[TASK INSTRUCTIONS]: Copy out every line of the records in which "signal" can be found.
RECORDS FOR THIS TASK START
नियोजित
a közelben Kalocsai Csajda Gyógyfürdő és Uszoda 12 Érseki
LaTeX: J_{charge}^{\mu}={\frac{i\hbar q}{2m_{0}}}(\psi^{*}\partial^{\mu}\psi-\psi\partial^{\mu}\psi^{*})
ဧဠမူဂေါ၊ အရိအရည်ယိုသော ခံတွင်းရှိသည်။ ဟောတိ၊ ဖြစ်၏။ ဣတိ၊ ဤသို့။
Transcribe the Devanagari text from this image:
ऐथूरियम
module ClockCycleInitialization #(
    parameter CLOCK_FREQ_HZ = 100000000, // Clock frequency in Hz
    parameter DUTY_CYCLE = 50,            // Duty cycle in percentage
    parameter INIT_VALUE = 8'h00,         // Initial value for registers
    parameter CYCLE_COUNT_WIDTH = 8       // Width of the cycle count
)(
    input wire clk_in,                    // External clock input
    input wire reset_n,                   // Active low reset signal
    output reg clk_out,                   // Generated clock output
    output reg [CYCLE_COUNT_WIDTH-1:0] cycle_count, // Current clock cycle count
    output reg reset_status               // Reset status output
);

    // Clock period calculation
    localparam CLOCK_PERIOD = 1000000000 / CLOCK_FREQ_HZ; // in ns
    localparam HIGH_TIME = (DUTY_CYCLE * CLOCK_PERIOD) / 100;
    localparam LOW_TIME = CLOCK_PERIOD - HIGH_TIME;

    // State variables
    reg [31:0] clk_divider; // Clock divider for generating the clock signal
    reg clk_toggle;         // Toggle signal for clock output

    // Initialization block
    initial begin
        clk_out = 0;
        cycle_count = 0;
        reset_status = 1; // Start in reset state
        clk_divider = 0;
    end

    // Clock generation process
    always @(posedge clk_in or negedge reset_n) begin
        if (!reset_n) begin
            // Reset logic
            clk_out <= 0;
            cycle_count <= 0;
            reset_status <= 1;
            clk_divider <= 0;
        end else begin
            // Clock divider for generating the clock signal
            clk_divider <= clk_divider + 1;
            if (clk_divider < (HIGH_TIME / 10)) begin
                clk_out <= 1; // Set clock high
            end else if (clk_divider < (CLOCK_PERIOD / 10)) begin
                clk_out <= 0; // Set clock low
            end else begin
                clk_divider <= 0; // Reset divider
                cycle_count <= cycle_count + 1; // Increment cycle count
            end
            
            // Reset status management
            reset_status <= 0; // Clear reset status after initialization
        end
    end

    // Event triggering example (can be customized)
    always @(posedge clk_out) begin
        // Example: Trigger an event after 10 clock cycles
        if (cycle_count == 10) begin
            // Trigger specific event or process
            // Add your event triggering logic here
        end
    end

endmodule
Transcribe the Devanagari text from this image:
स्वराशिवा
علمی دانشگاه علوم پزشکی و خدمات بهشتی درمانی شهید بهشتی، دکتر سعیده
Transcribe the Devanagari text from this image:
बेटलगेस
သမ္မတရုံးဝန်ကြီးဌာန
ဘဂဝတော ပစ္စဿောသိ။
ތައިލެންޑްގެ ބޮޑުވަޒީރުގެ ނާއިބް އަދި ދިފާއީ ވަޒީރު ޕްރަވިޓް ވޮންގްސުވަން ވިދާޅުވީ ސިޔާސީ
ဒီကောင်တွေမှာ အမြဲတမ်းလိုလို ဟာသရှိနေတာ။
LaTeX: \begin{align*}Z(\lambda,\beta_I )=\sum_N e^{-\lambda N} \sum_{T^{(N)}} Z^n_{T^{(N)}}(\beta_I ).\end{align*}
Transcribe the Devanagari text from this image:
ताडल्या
RECORDS FOR THIS TASK END
RECORDS FOR THIS TASK START
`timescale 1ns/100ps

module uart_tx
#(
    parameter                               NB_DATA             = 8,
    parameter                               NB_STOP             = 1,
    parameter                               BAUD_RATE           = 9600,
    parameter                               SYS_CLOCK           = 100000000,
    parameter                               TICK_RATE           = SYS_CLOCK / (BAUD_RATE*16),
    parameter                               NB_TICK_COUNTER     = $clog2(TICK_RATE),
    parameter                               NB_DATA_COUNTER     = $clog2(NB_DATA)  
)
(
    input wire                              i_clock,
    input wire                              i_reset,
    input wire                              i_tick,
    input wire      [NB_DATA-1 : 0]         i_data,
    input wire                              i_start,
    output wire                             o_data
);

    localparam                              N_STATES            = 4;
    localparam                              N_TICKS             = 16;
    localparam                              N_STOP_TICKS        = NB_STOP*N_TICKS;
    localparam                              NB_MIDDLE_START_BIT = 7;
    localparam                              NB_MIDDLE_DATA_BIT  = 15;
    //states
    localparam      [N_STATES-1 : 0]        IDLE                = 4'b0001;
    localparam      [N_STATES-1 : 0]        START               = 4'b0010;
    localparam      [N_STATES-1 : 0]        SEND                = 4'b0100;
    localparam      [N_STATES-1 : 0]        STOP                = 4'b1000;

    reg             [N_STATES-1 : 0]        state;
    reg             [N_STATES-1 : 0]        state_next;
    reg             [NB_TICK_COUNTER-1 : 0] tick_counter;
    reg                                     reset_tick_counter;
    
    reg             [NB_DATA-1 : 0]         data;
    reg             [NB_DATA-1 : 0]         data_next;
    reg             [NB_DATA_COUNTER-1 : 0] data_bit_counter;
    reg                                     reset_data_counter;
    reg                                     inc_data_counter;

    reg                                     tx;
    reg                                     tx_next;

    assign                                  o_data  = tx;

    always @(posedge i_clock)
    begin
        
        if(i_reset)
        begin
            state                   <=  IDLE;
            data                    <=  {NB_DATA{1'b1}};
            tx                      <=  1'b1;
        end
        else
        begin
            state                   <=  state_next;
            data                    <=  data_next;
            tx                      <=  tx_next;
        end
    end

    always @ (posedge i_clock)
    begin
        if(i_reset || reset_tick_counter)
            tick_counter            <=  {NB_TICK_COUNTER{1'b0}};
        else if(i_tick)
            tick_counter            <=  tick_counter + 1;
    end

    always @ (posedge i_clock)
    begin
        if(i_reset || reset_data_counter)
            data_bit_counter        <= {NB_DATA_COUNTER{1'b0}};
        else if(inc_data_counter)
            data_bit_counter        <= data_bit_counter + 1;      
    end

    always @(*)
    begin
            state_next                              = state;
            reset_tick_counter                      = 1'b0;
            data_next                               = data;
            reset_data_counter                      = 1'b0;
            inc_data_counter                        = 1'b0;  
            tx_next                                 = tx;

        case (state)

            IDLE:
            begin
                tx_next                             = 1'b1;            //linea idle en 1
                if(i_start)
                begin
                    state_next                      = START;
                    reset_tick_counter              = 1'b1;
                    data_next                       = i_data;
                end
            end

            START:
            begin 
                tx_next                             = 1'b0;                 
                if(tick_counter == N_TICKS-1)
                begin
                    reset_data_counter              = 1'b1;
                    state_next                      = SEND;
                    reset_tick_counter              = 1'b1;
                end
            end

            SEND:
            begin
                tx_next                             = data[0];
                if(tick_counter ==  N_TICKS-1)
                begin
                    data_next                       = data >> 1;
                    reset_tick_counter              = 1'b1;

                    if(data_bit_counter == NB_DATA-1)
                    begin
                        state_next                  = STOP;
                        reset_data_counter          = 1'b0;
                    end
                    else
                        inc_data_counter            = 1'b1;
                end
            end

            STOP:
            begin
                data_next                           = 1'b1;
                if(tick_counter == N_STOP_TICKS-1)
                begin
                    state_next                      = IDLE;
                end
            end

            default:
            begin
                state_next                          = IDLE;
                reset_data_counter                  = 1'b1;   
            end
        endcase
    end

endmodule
RECORDS FOR THIS TASK END
[YOUR SOLUTION]:
    input wire reset_n,                   // Active low reset signal
    reg [31:0] clk_divider; // Clock divider for generating the clock signal
    reg clk_toggle;         // Toggle signal for clock output
            // Clock divider for generating the clock signal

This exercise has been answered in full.